╭─ Extracted records

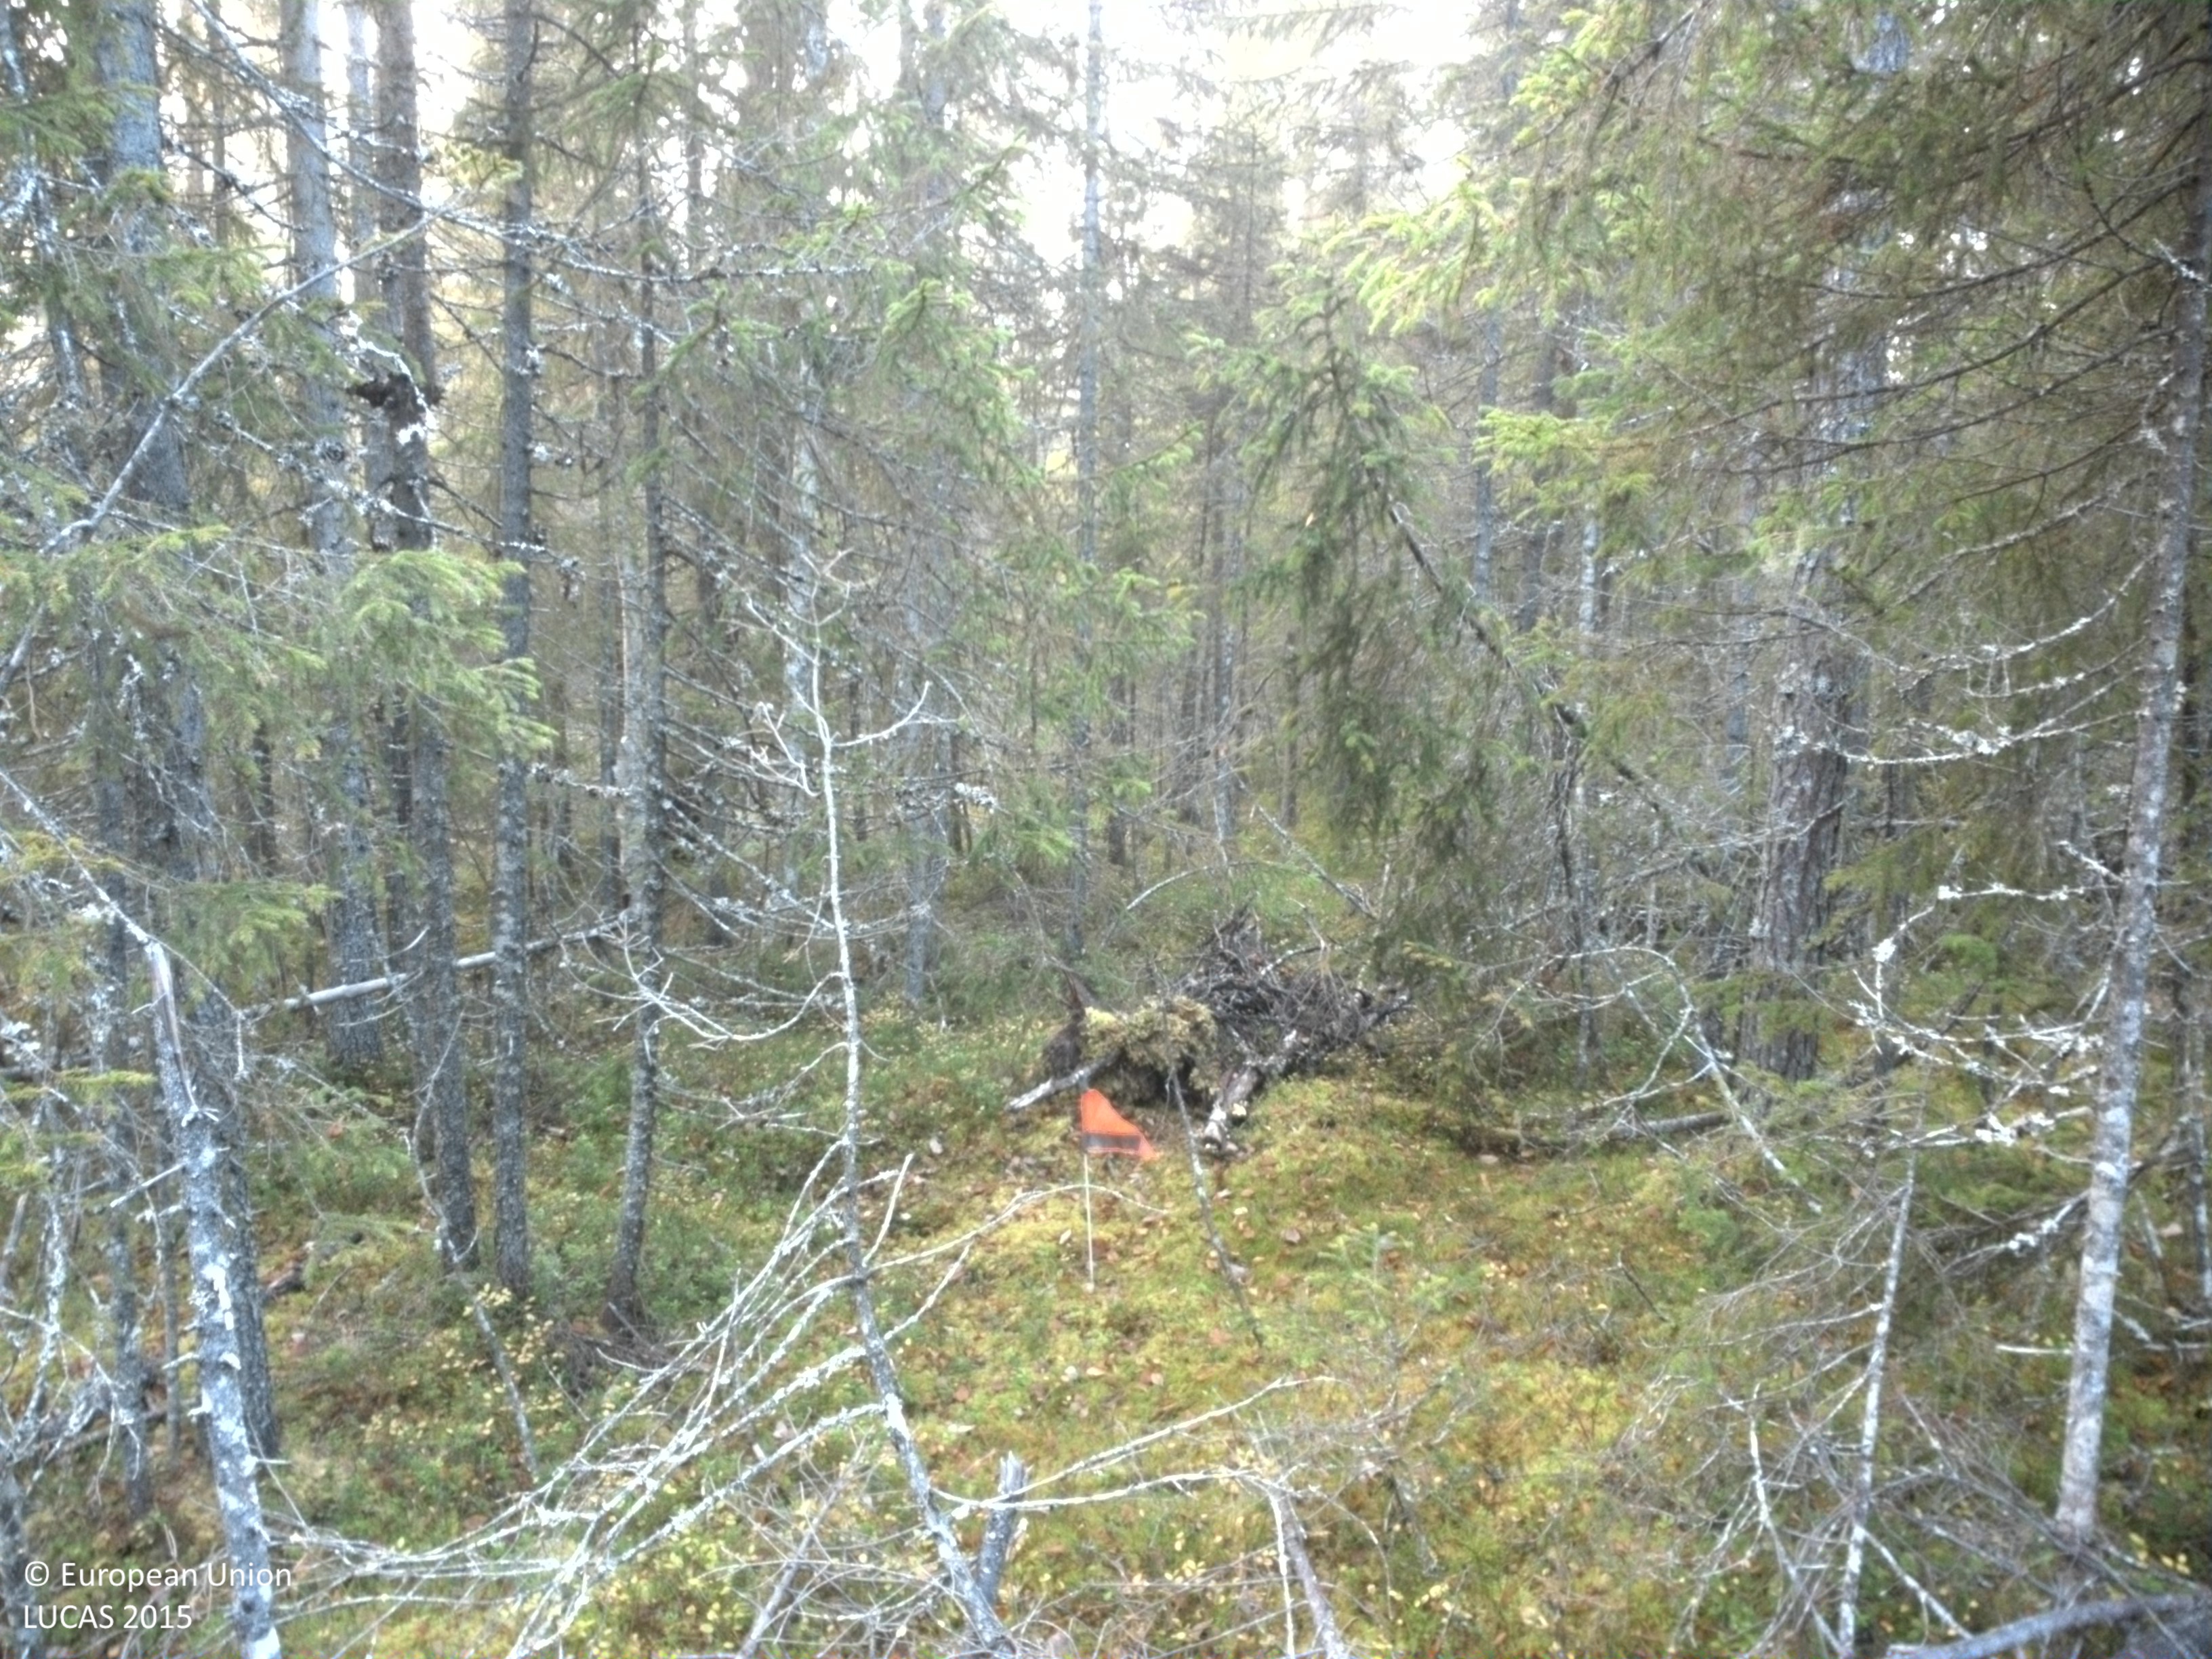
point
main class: Woodland
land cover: Spruce dominated coniferous woodland
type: boreal forest
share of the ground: 50 - 75 %
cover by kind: coniferous forest trees 65 %, shrubs 15 %, herbaceous plants 15 %, broadleaved forest trees 5 %
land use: Forestry
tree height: > 5 m
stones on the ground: < 10 %
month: October
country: SE
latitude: 64.5483
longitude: 16.6619
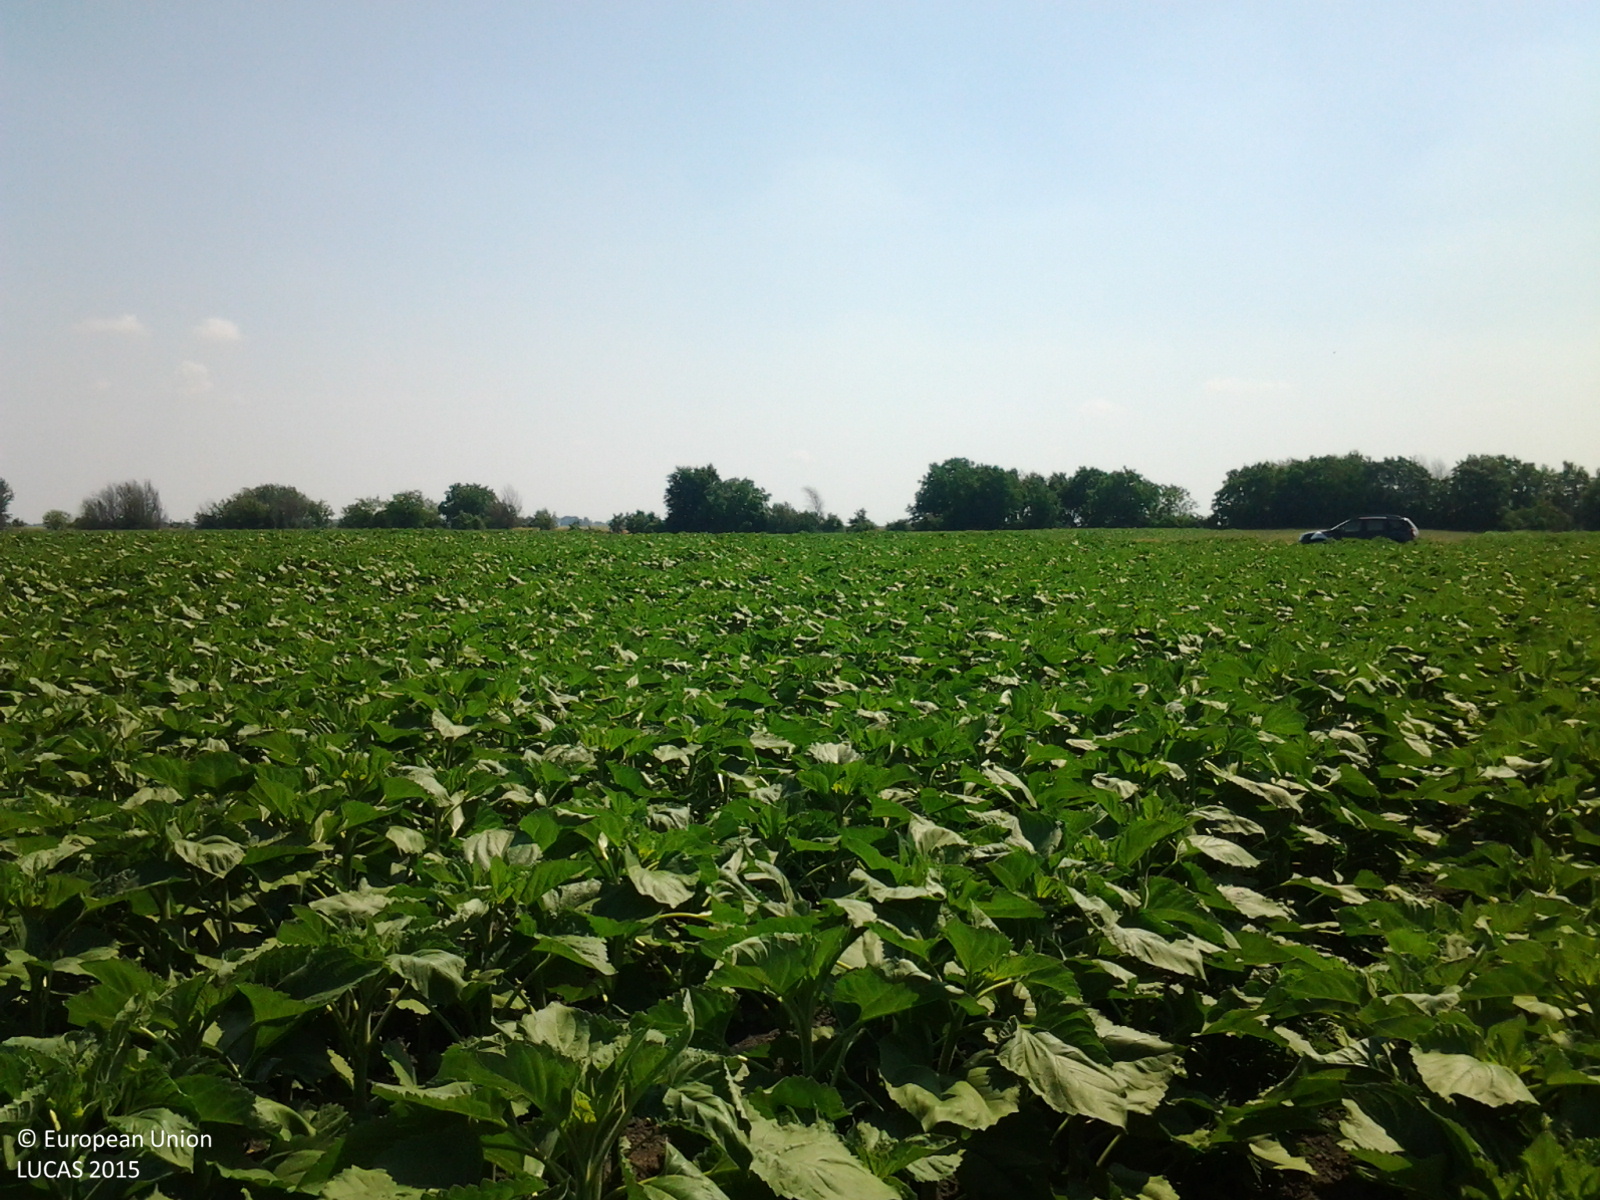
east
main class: Cropland
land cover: Sunflower
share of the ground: > 75 %
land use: Agriculture (excluding fallow land and kitchen gardens)
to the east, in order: Sunflower; Grass margins; Tracks; Grass margins; Sunflower; Grass margins; Lines of trees; Railways; Ditches and canals; Lines of trees; Grass margins; Barley
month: June
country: HU
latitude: 46.6581
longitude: 19.0183
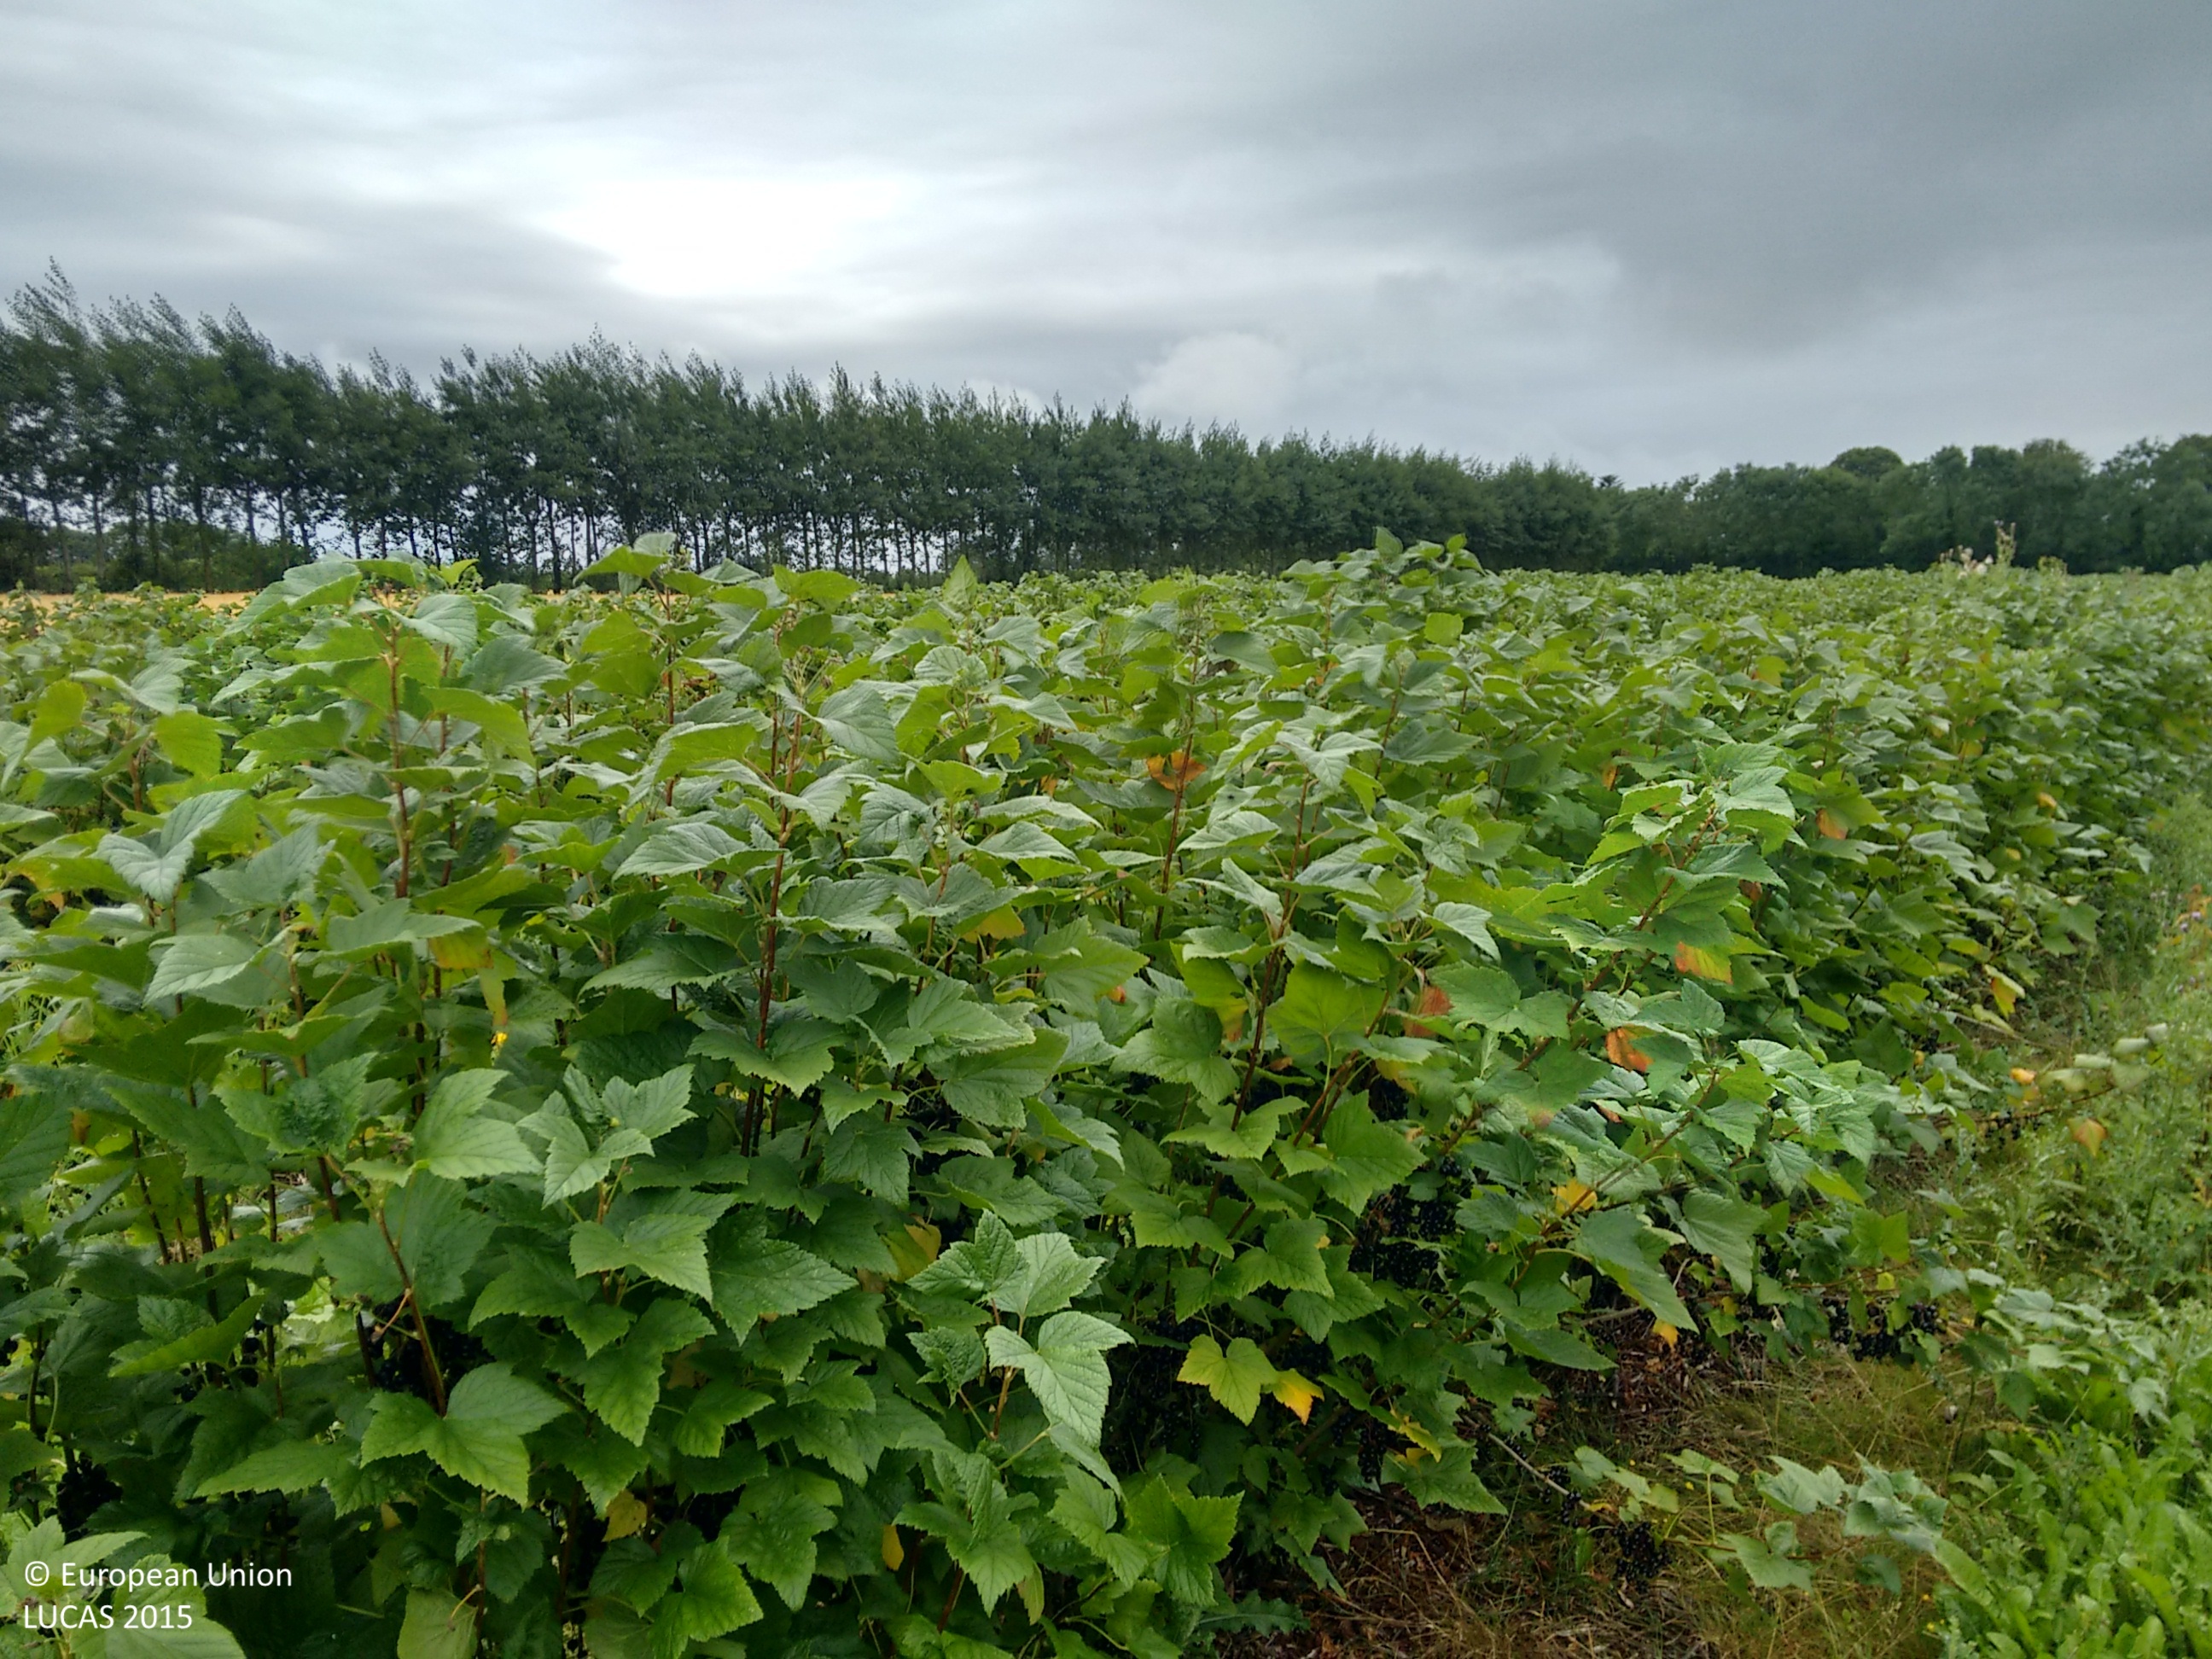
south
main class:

╰─

▶ Problem requirements
Each entry above must be repeated word for word, minus its images.

▶ Exercise solution
point
main class: Woodland
land cover: Spruce dominated coniferous woodland
type: boreal forest
share of the ground: 50 - 75 %
cover by kind: coniferous forest trees 65 %, shrubs 15 %, herbaceous plants 15 %, broadleaved forest trees 5 %
land use: Forestry
tree height: > 5 m
stones on the ground: < 10 %
month: October
country: SE
latitude: 64.5483
longitude: 16.6619
east
main class: Cropland
land cover: Sunflower
share of the ground: > 75 %
land use: Agriculture (excluding fallow land and kitchen gardens)
to the east, in order: Sunflower; Grass margins; Tracks; Grass margins; Sunflower; Grass margins; Lines of trees; Railways; Ditches and canals; Lines of trees; Grass margins; Barley
month: June
country: HU
latitude: 46.6581
longitude: 19.0183
south
main class:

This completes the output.